CAVUTO: You don't care.

HUCKABEE: You don't care.

(CROSSTALK)

CAVUTO: All right. Regardless of whether you run or not, the frontrunner presumably right now, Mitt Romney, tried to explain the health care thing yesterday that he did in Massachusetts. Did he succeed?

HUCKABEE: I think he's got a real issue with that. And I'm not sure that he succeeded in explaining it.

If you read some very strong editorials -- for example, The Wall Street Journal...

CAVUTO: Right.

HUCKABEE: ... I think really took him apart and called him Obama's running mate. It's tough.

You know, I said months ago, Neil -- and I know a lot of people thought that I was being facetious or trying to gig him. I wasn't. I was actually being sincere, because I felt that, if Mitt Romney would come out and say, "Look, we tried this in Massachusetts; that's what states are supposed to do, is to be laboratories of democracy, and we attempted this, and it hasn't really worked out like we thought, so it's not a good idea to try it on the national level," that would have been a smart play.

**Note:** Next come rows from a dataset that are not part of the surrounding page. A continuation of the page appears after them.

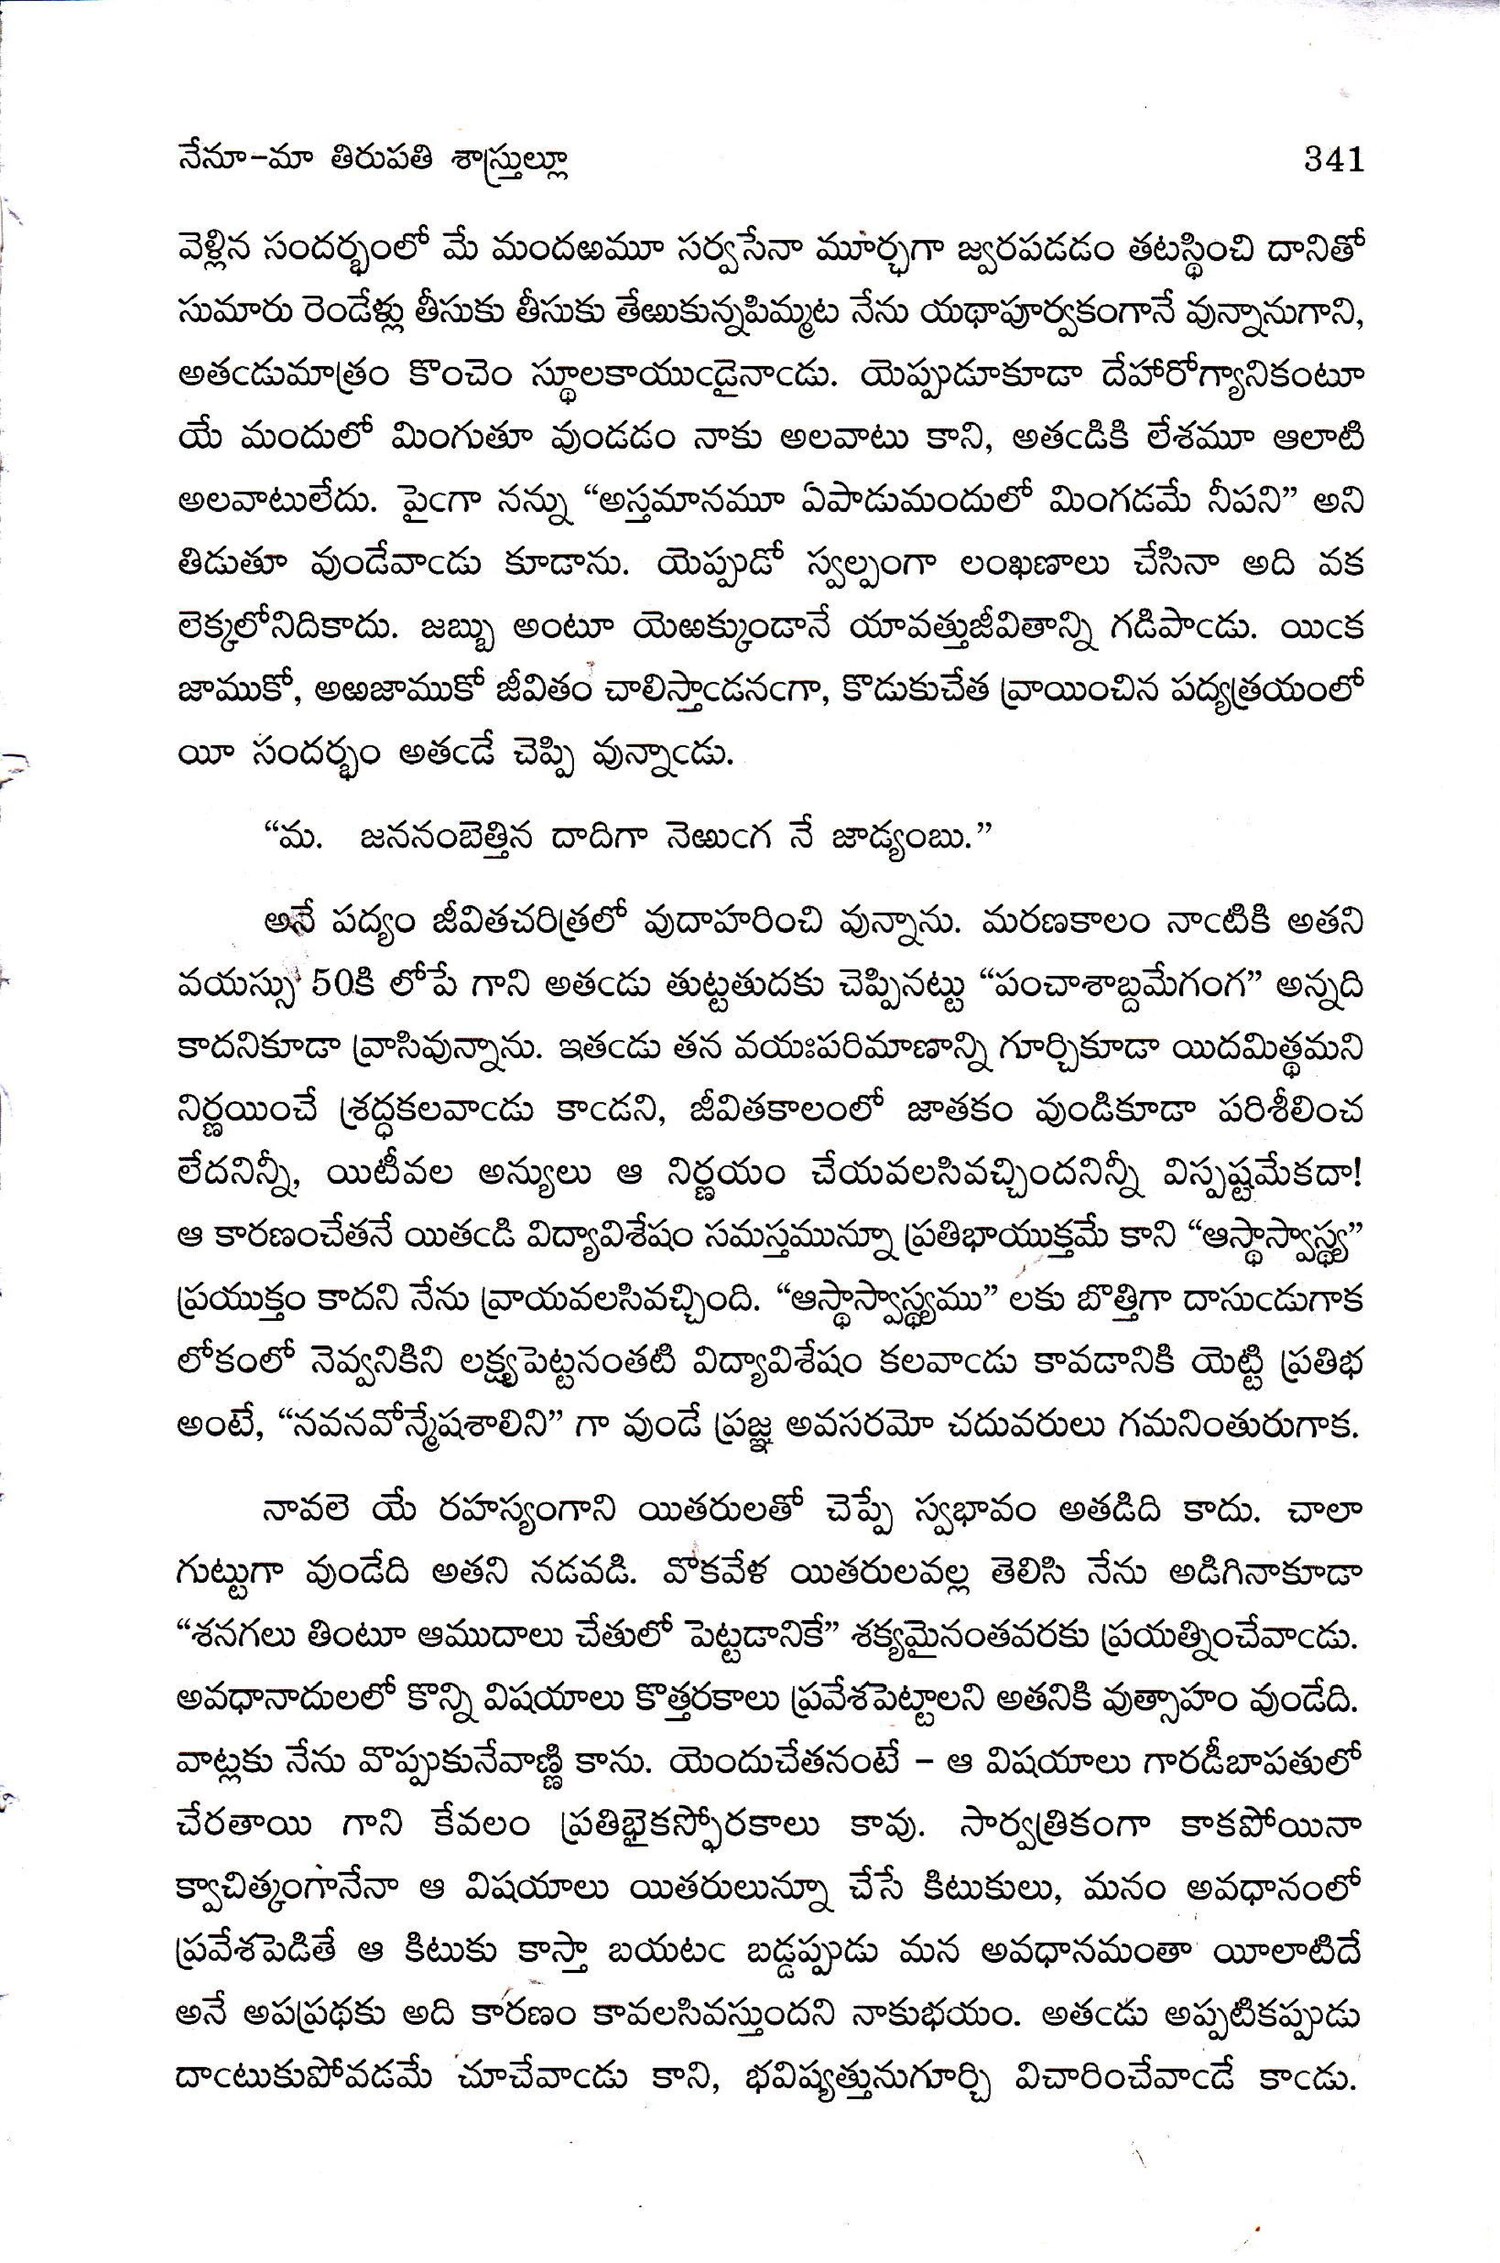వెళ్లిన సందర్భంలో మే మందఱమూ సర్వసేనా మూర్చగా జ్వరపడడం తటస్థించి దానితో సుమారు రెండేళ్లు తీసుకు తీసుకు తేఱుకున్నపిమ్మట నేను యధాపూర్వకంగానే వున్నానుగాని, అతఁడుమాత్రం కొంచెం సూలకాయుఁడైనాఁడు. యెప్పుడూకూడా దేహారోగ్యానికంటూ యే మందులో మింగుతూ వుండడం నాకు అలవాటు కాని, అతఁడికి లేశమూ ఆలాటి అలవాటులేదు. పైఁగా నన్ను “అస్తమానమూ ఏపాడుమందులో మింగడమే నీపని” అని తిడుతూ వుండేవాఁడు కూడాను. యెప్పుడో స్వల్పంగా లంఖణాలు చేసినా అది వక లెక్కలోనిదికాదు. జబ్బు అంటూ యెఱక్కుండానే యావత్తుజీవితాన్ని గడిపాఁడు. యిఁక జాముకో, అఱజాముకో జీవితం చాలిస్తాఁడనఁగా, కొడుకుచేత వ్రాయించిన పద్యత్రయంలో యీ సందర్భం అతఁడే చెప్పి వున్నాఁడు.

“మ. జననంబెత్తిన దాదిగా నెఱుఁగ నే జాడ్యంబు."
అనే పద్యం జీవితచరిత్రలో వుదాహరించి వున్నాను. మరణకాలం నాఁటికి అతని వయస్సు 50కి లోపే గాని అతఁడు తుట్టతుదకు చెప్పినట్టు “పంచాశాబ్దమేగంగ" అన్నది కాదనికూడా వ్రాసివున్నాను. ఇతఁడు తన వయఃపరిమాణాన్ని గూర్చికూడా యిదమిత్థమని నిర్ణయించే శ్రద్ధకలవాఁడు కాఁడని, జీవితకాలంలో జాతకం వుండికూడా పరిశీలించ లేదనిన్నీ యిటీవల అన్యులు ఆ నిర్ణయం చేయవలసివచ్చిందనిన్నీ విస్పష్టమేకదా! ఆ కారణంచేతనే యితఁడి విద్యావిశేషం సమస్తమున్నూ ప్రతిభాయుక్తమే కాని "ఆస్థాస్వాస్థ్య" ప్రయుక్తం కాదని నేను వ్రాయవలసివచ్చింది. "ఆస్థాస్వాస్థ్యము" లకు బొత్తిగా దాసుఁడుగాక లోకంలో నెవ్వనికిని లక్ష్యపెట్టనంతటి విద్యావిశేషం కలవాఁడు కావడానికి యెట్టి ప్రతిభ అంటే, "నవనవోన్మేషశాలిని" గా వుండే ప్రజ్ఞ అవసరమో చదువరులు గమనింతురుగాక.

నావలె యే రహస్యంగాని యితరులతో చెప్పే స్వభావం అతడిది కాదు. చాలా గుట్టుగా వుండేది అతని నడవడి. వోకవేళ యితరులవల్ల తెలిసి నేను అడిగినాకూడా “శనగలు తింటూ ఆముదాలు చేతులో పెట్టడానికే" శక్యమైనంతవరకు ప్రయత్నించేవాఁడు. అవధానాదులలో కొన్ని విషయాలు కొత్తరకాలు ప్రవేశపెట్టాలని అతనికి వుత్సాహం వుండేది. వాట్లకు నేను వొప్పుకునేవాణ్ణి కాను. యెందుచేతనంటే - ఆ విషయాలు గారడీబాపతులో చేరతాయి గాని కేవలం ప్రతిభైకస్ఫోరకాలు కావు. సార్వత్రికంగా కాకపోయినా క్వాచిత్కంగానేనా ఆ విషయాలు యితరులున్నూ చేసే కిటుకులు, మనం అవధానంలో ప్రవేశపెడితే ఆ కిటుకు కాస్తా బయటఁ బడ్డప్పుడు మన అవధానమంతా యీలాటిదే అనే అపప్రథకు అది కారణం కావలసివస్తుందని నాకుభయం. అతఁడు అప్పటికప్పుడు దాఁటుకుపోవడమే చూచేవాఁడు కాని, భవిష్యత్తునుగూర్చి విచారించేవాఁడే కాఁడు.
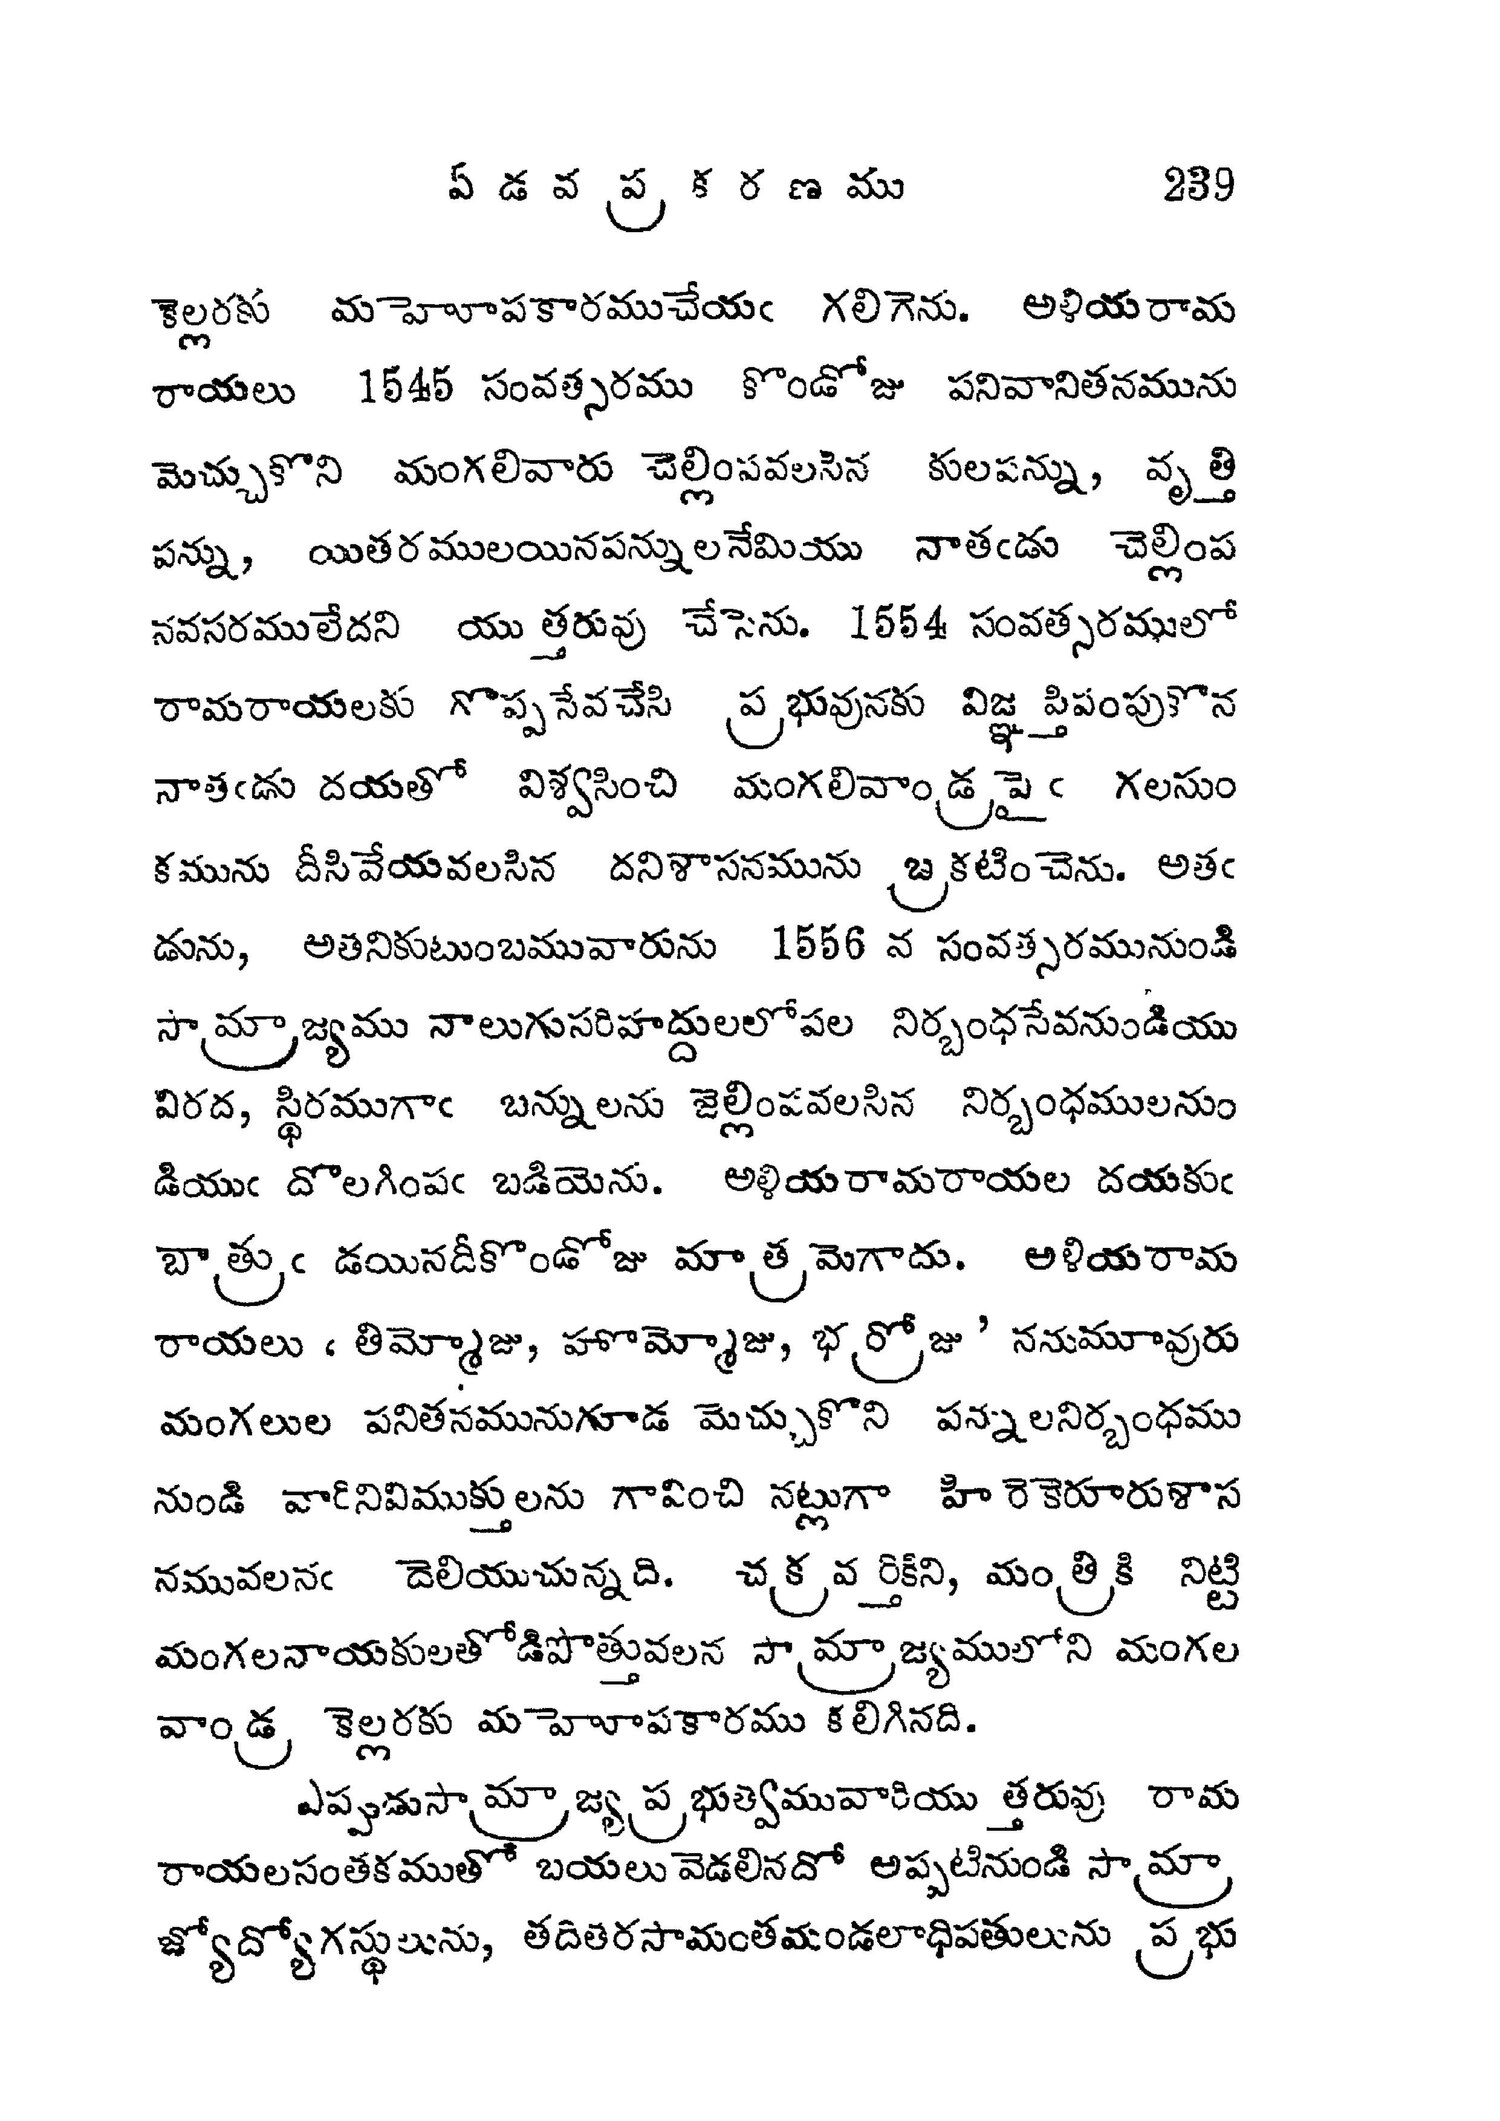కెల్లరకు మహోపకారముచేయ గలిగెను. అళియరామరాయలు 1545 సంవత్సరము కొండోజు పనివానితనమును మెచ్చుకొని మంగలివారు చెల్లింపవలసిన కులపన్ను, వృత్తిపన్ను, యితరములయిన పన్నులనేమియు నాతడు చెల్లింప నవసరములేదని యుత్తరువు చేసెను. 1554 సంవత్సరములో రామరాయలకు గొప్పసేవచేసి ప్రభువునకు విజ్ఞప్తిపంపుకొన నాతడు దయతో విశ్వసించి మంగలివాండ్రపై గలసుంకమును దీసివేయవలసిన దనిశాసనమును బ్రకటించెను. ఆతడును, అతనికుటుంబమువారును 1556 వ సంవత్సరమునుండి సామ్రాజ్యము నాలుగుసరిహద్దులలోపల నిర్బంధసేవనుండియు విరద, స్థిరముగా బన్నులను జెల్లింపవలసిన నిర్బంధములనుండియు దొలగింప బడియెను. అళియరామరాయల దయకు బాత్రు డయినదీకొండోజు మాత్రమెగాదు. అళియ రామరాయలు 'తిమ్మోజు, హొమ్మోజు, భర్రోజు' ననుమూవురు మంగలుల పనితనమునుగూడ మెచ్చుకొని పన్నులనిర్బందము నుండి వారినివిముక్తులను గావించి నట్లుగా హిరెకెరూరు శాసనమువలన దెలియుచున్నది. చక్రవర్తికిని, మంత్రికి నిట్టి మంగలనాయకులతోడి పొత్తువలన సామ్రాజ్యములోని మంగలవాండ్ర కెల్లరకు మహోపకారము కలిగినది. 

ఎప్పుడు సామ్రాజ్యప్రభుత్వమువారియుత్తరువు రామరాయలసంతకముతో బయలువెడలినదో అప్పటినుండి సామ్రాజ్యోద్యోగస్థులును, తదితరసామంతమండలాధిపతులును ప్రభు

It's not what he did. He -- it's going to be something he will have to deal with. He could have ended it yesterday. Now he's going to be dealing with it in every debate. He's going to be dealing with it in every confrontation.

CAVUTO: So, every debate with him when you're running for president, you will have to take this up.

HUCKABEE: If that's the announcement that gets made tomorrow -- and you will know tomorrow night at the end of "Huckabee."

CAVUTO: You will know right....

HUCKABEE: Then you will know. That's right.

CAVUTO: The end of "Huckabee."

(CROSSTALK)

HUCKABEE: It could be in the middle, could be at the beginning.

CAVUTO: This is like the final episode of "MASH."

"Huckabee" tomorrow night.

HUCKABEE: It might be during one of the commercials.

(LAUGHTER)

CAVUTO: I think it's the end of the show.